------ RECORD EXTRACTS

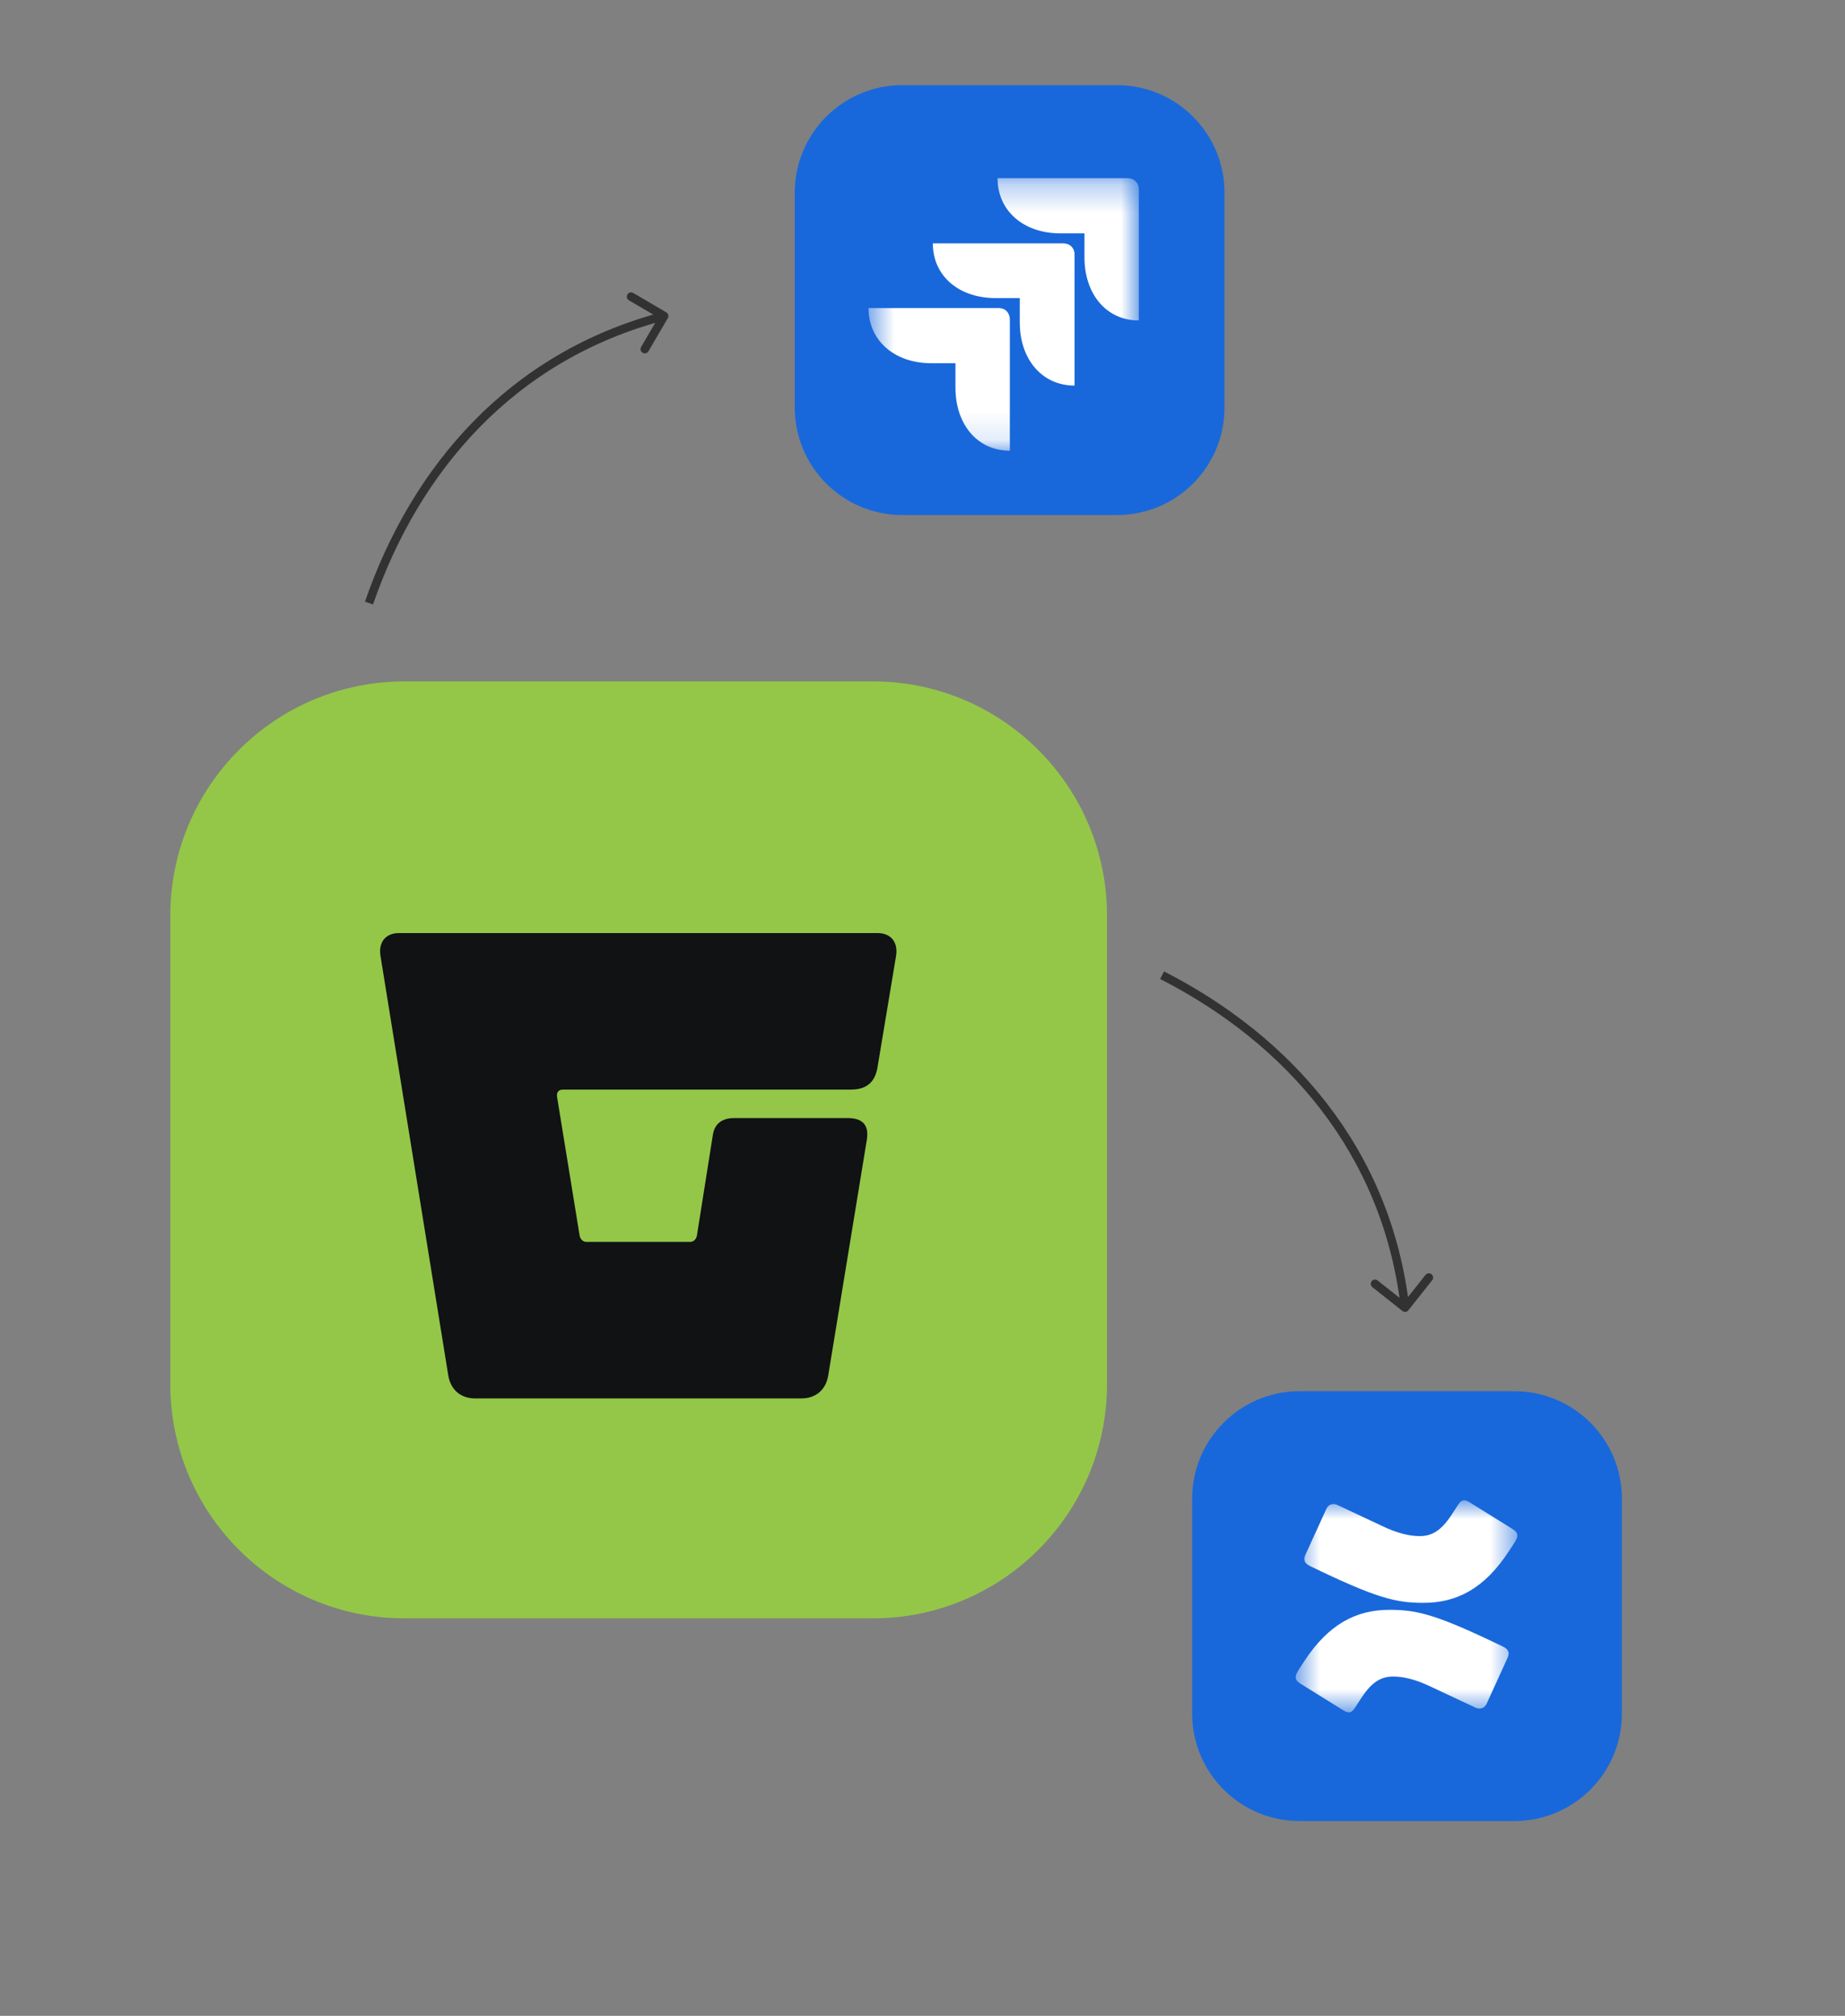 <svg width="65" height="71" viewBox="0 0 65 71" fill="none" xmlns="http://www.w3.org/2000/svg">
<rect x="0" y="0" width="65" height="71" fill="#808080" stroke="none"/>
<path d="M6 32.25C6 27.694 9.694 24 14.25 24H30.75C35.306 24 39 27.694 39 32.25V48.75C39 53.306 35.306 57 30.75 57H14.25C9.694 57 6 53.306 6 48.75V32.25Z" fill="#94C748"/>
<path d="M30.534 40.175L29.177 48.458C29.089 48.959 28.735 49.254 28.234 49.254H16.738C16.237 49.254 15.884 48.959 15.795 48.458L13.408 33.69C13.319 33.189 13.584 32.864 14.056 32.864H30.917C31.389 32.864 31.654 33.189 31.565 33.69L30.917 37.581C30.828 38.141 30.504 38.377 29.974 38.377H19.834C19.686 38.377 19.598 38.465 19.627 38.642L20.423 43.535C20.453 43.653 20.541 43.741 20.659 43.741H24.314C24.432 43.741 24.52 43.653 24.55 43.535L25.11 39.998C25.169 39.556 25.463 39.379 25.876 39.379H29.856C30.445 39.379 30.622 39.674 30.534 40.175Z" fill="#101214"/>
<g clip-path="url(#clip0_12706_514)">
<g clip-path="url(#clip1_12706_514)">
<path d="M28 6.785C28 4.695 29.695 3 31.785 3H39.355C41.445 3 43.14 4.695 43.14 6.785V14.355C43.14 16.445 41.445 18.14 39.355 18.14H31.785C29.695 18.14 28 16.445 28 14.355V6.785Z" fill="#1868DB"/>
<mask id="mask0_12706_514" style="mask-type:luminance" maskUnits="userSpaceOnUse" x="30" y="6" width="11" height="10">
<path d="M40.122 6.277H30.599V15.875H40.122V6.277Z" fill="white"/>
</mask>
<g mask="url(#mask0_12706_514)">
<path d="M33.661 12.793H32.808C31.522 12.793 30.599 12.005 30.599 10.851H35.186C35.423 10.851 35.577 11.019 35.577 11.259V15.874C34.43 15.874 33.661 14.946 33.661 13.651V12.793ZM35.927 10.499H35.074C33.787 10.499 32.864 9.725 32.864 8.571H37.451C37.689 8.571 37.857 8.726 37.857 8.965V13.581C36.71 13.581 35.927 12.652 35.927 11.357V10.499ZM38.206 8.219H37.353C36.067 8.219 35.144 7.431 35.144 6.277H39.731C39.968 6.277 40.122 6.446 40.122 6.671V11.287C38.975 11.287 38.206 10.358 38.206 9.063V8.219Z" fill="white"/>
</g>
</g>
</g>
<g clip-path="url(#clip2_12706_514)">
<path d="M42 52.785C42 50.695 43.695 49 45.785 49H53.355C55.445 49 57.14 50.695 57.14 52.785V60.355C57.14 62.445 55.445 64.14 53.355 64.14H45.785C43.695 64.14 42 62.445 42 60.355V52.785Z" fill="#1868DB"/>
<mask id="mask1_12706_514" style="mask-type:luminance" maskUnits="userSpaceOnUse" x="45" y="52" width="9" height="9">
<path d="M53.456 52.844H45.647V60.31H53.456V52.844Z" fill="white"/>
</mask>
<g mask="url(#mask1_12706_514)">
<path d="M52.957 57.999C50.621 56.869 49.938 56.7 48.954 56.7C47.799 56.7 46.815 57.181 45.935 58.531L45.791 58.752C45.673 58.934 45.647 58.998 45.647 59.076C45.647 59.154 45.686 59.219 45.83 59.31L47.313 60.232C47.392 60.284 47.458 60.31 47.523 60.31C47.602 60.31 47.654 60.271 47.733 60.154L47.969 59.791C48.337 59.232 48.665 59.05 49.085 59.05C49.453 59.05 49.886 59.154 50.424 59.414L51.972 60.141C52.13 60.219 52.301 60.18 52.379 59.998L53.114 58.388C53.193 58.206 53.141 58.09 52.957 57.999ZM46.145 55.155C48.481 56.285 49.164 56.454 50.148 56.454C51.303 56.454 52.288 55.973 53.167 54.623L53.311 54.402C53.429 54.22 53.456 54.156 53.456 54.078C53.456 54 53.416 53.935 53.272 53.844L51.789 52.922C51.71 52.87 51.644 52.844 51.579 52.844C51.5 52.844 51.447 52.883 51.369 53L51.133 53.364C50.765 53.922 50.437 54.104 50.017 54.104C49.649 54.104 49.216 54 48.678 53.74L47.13 53.013C46.972 52.935 46.801 52.974 46.723 53.156L45.988 54.766C45.909 54.947 45.962 55.064 46.145 55.155Z" fill="white"/>
</g>
</g>
<path d="M23.527 11.206C23.569 11.134 23.545 11.043 23.474 11.001L22.309 10.319C22.237 10.277 22.145 10.301 22.104 10.373C22.062 10.444 22.086 10.536 22.157 10.578L23.193 11.184L22.587 12.22C22.545 12.291 22.569 12.383 22.64 12.425C22.712 12.467 22.804 12.443 22.846 12.371L23.527 11.206ZM13 21.24L13.142 21.289C14.756 16.609 18.108 12.669 23.436 11.275L23.398 11.13L23.36 10.985C17.915 12.41 14.498 16.439 12.858 21.191L13 21.24Z" fill="#323232"/>
<path d="M49.408 46.174C49.473 46.225 49.567 46.214 49.618 46.149L50.456 45.091C50.508 45.026 50.497 44.931 50.432 44.88C50.367 44.829 50.273 44.84 50.221 44.904L49.476 45.845L48.535 45.101C48.471 45.049 48.376 45.06 48.325 45.125C48.273 45.19 48.284 45.284 48.349 45.336L49.408 46.174ZM40.941 34.349L40.873 34.482C45.282 36.734 48.715 40.603 49.352 46.073L49.501 46.056L49.65 46.039C48.999 40.448 45.487 36.502 41.01 34.215L40.941 34.349Z" fill="#323232"/>
<defs>
<clipPath id="clip0_12706_514">
<rect width="15.14" height="15.14" fill="white" transform="translate(28 3)"/>
</clipPath>
<clipPath id="clip1_12706_514">
<rect width="15.14" height="15.14" fill="white" transform="translate(28 3)"/>
</clipPath>
<clipPath id="clip2_12706_514">
<rect width="15.14" height="15.14" fill="white" transform="translate(42 49)"/>
</clipPath>
</defs>
</svg>

------------

Look for the string "type" in the listing above and copy every line holding it.

WORKED SOLUTION
<mask id="mask0_12706_514" style="mask-type:luminance" maskUnits="userSpaceOnUse" x="30" y="6" width="11" height="10">
<mask id="mask1_12706_514" style="mask-type:luminance" maskUnits="userSpaceOnUse" x="45" y="52" width="9" height="9">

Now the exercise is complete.